BEIJING -- The Chinese mainland will remove entry permit requirements for Taiwan residents from July 1, according to a revised regulation made public Thursday.
With the revision, Taiwan residents will need a travel pass for entering the mainland but do not have to apply for a visa-like entry permit for every visit.
The policy change was announced by Yu Zhengsheng, chairman of the National Committee of the Chinese People's Political Consultative Conference, at the seventh Straits Forum on Sunday as a measure to facilitate cross-Strait personnel exchange.

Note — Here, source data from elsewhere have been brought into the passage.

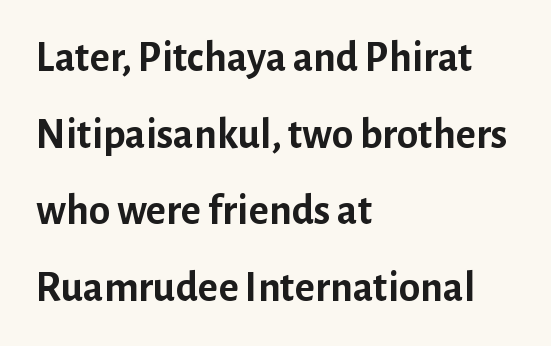
Q: Is the text bold? A: Yes.
Q: Is the text italic (slanted)? A: No, it is upright.
Q: Is the typeface a serif or a sans-serif typeface? A: Sans-serif.
Q: Is the text underlined? A: No.
Q: How is the paragraph aligned? A: Left-aligned.
Q: Is the spacing between letters normal or unusually wide? A: Normal.
Q: Width (condensed, normal, or wide)? A: Normal.
Q: Stroke contrast? A: Low.
Q: x-height? A: Medium.
Q: Monospaced? A: No.
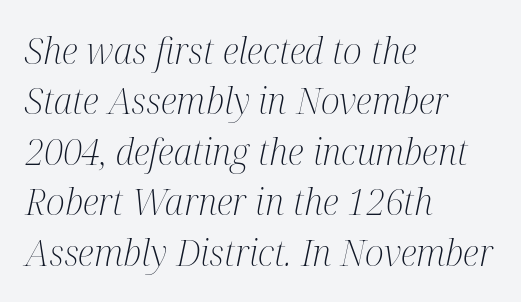
If you drew a line through each stem, it would be angled. This rendering features lettering with no underline. The rendering anchors every line to the left-hand side. Each new line begins a customary step beneath the previous one.
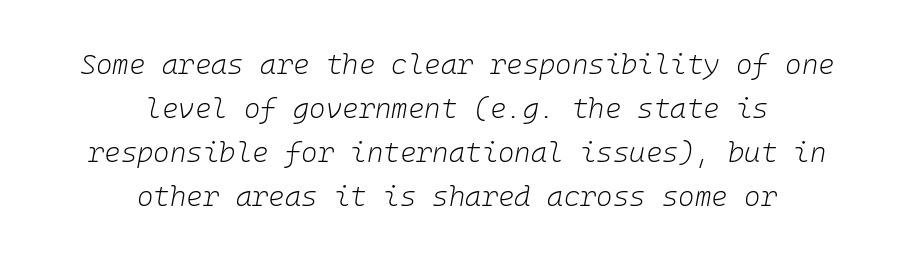
The image shows 28 px light type, italic (leaning right); set centered, normal line spacing (1.57x), normal letter spacing, not underlined; low stroke contrast and a medium x-height.
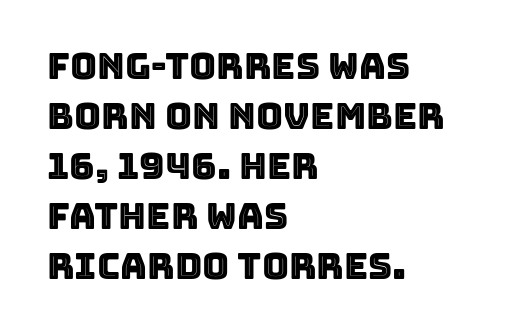
The image shows 37 px text type, upright; set left-aligned, normal line spacing (1.35x), normal letter spacing, not underlined; a large x-height.

The revision also eases the requirements for documents needed when Taiwan residents apply for the travel pass.
The term of validity for a travel pass to Taiwan held by a mainland resident is extended from five years to ten, while that for a Taiwan resident's travel pass remains five years.

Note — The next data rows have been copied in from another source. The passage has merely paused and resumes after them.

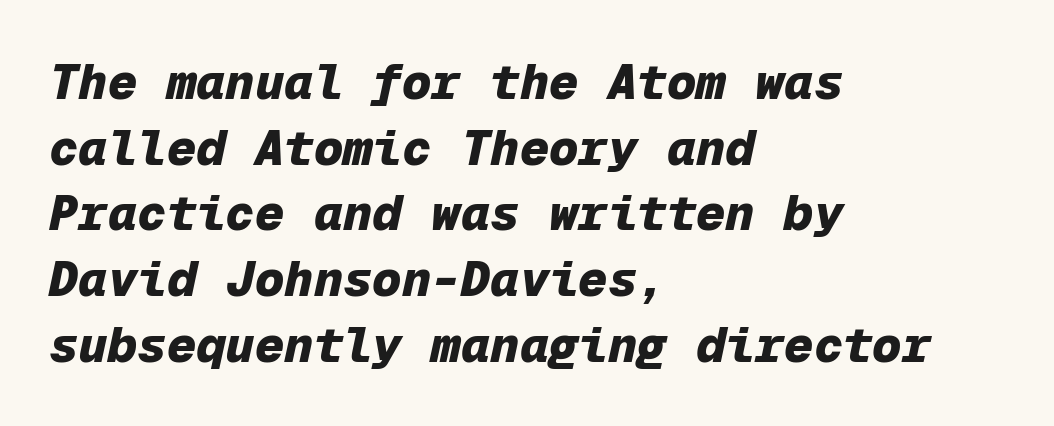
Q: Is the text bold? A: Yes.
Q: Is the text italic (slanted)? A: Yes, it leans right by about 12 degrees.
Q: Is the text underlined? A: No.
Q: How is the paragraph aligned? A: Left-aligned.
Q: Is the spacing between letters normal or unusually wide? A: Normal.
Q: Is the spacing between lines tight, normal or loose? A: Normal.
Q: Width (condensed, normal, or wide)? A: Normal.
Q: Stroke contrast? A: Low.
Q: x-height? A: Medium.
Q: Monospaced? A: Yes.

But the revised regulation adds a new type of travel pass for Taiwan residents, with the term of validity lasting for three months.
The mainland and Taiwan broke off communication in 1949, after the Kuomintang (KMT) lost a civil war with the Communist Party of China and fled to the island.
Cross-Strait travels resumed in the late 1980s and have increased fast since 2008 when the two sides opened direct mail, transport and trade links and eased restriction on tourism.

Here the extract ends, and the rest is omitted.